The benefits of this exercise are vast, my personal favorite as I mentioned above is how easy it is to adjust the intensity to match your skill level. This makes it a perfect “Progression” to doing your first Pull-Up. The Inverted Row works the following muscles.

How to do Inverted Rows

To perform this exercise, you’ll need a fixed bar, or a sturdy surface edge to grab onto. Ideally, it should be just out of arms length while lying on the floor, but that depends on what level of intensity you’re going for. In reality, you can use just about anything that you can get a firm, comfortable grip, doesn’t move around easily, and can support your weight. Be sure to position your body so that when you pull yourself up to the bar, your chest will hit the bar.

  1. Grab onto the bar infront of or above you with your hands shoulder-width apart.
  2. Fully extend your arms into a relaxed/hanging position. This will be your starting position.
  3. Pull yourself up towards the bar and tuck in your elbows about 45 degrees from your armpits. Lead with your chest until your sternum hits the bar.
  4. Lower yourself until your arms are fully extended again and repeat for the desired number of reps.

Incase this was wasn’t clear enough, check out this great video demonstration.

Common Inverted Row Mistakes

  • Take it slow, going to fast can cause you to slack off on your form.
  • Remain tight so that your shoulders and your ankles are inline
  • Don’t let your elbows flail around.
  • Keep your knees extended and your heels firmly the floor.

Variations of Inverted Bodyweight Rows

Depending on the intensity you’re going for, there are several variations that can either increase or decrease the intensity of the workout.
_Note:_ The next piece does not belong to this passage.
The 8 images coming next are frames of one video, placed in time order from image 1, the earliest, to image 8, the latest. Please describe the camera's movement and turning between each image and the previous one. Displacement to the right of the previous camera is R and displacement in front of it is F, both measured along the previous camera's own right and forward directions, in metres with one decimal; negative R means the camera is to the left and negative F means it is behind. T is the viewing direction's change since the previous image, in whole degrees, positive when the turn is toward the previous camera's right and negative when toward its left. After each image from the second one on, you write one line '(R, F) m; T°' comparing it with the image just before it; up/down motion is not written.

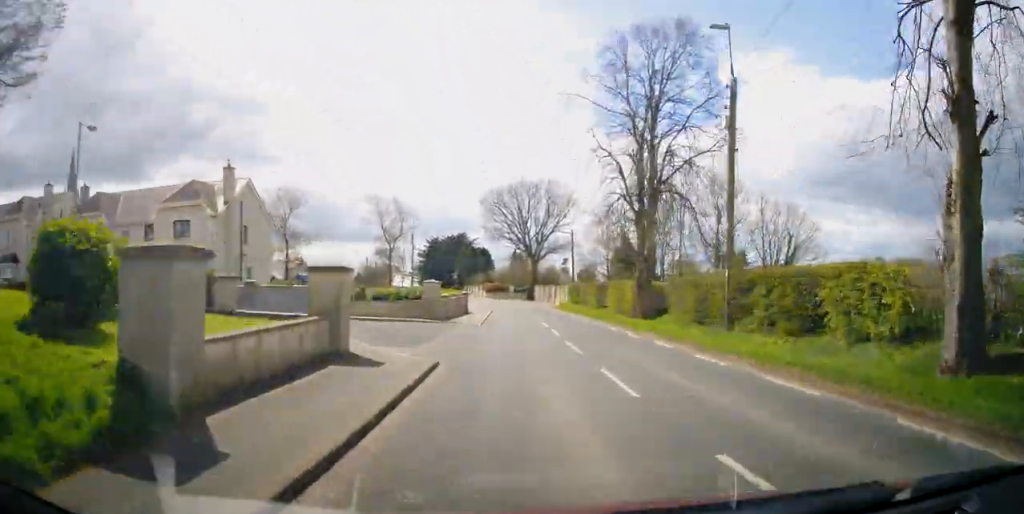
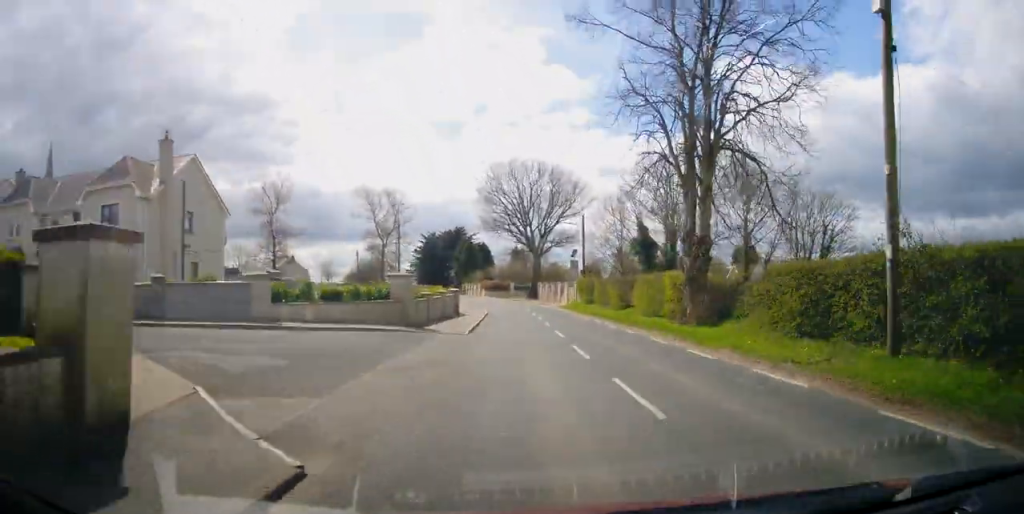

Once you’re comfortable performing this exercise, you can play around with your grip, making it wider, closer, underhand, and overhand. If you’d like to make the exercise easier, find a bar that is higher up off the ground, if you follow all the steps for good form above, the exercise will be easier. If you’re looking to make the exercise harder, you can try Feet Elevated Inverted Rows. As the name implies, simply place your feet on an elevated surface and follow the steps for good form above.

If you’ve got any questions about this exercise, feel free to drop them in the comments below and I’ll reply as soon as possible. Remember, be smart, stretch, and give yourself some rest to prevent training to failure.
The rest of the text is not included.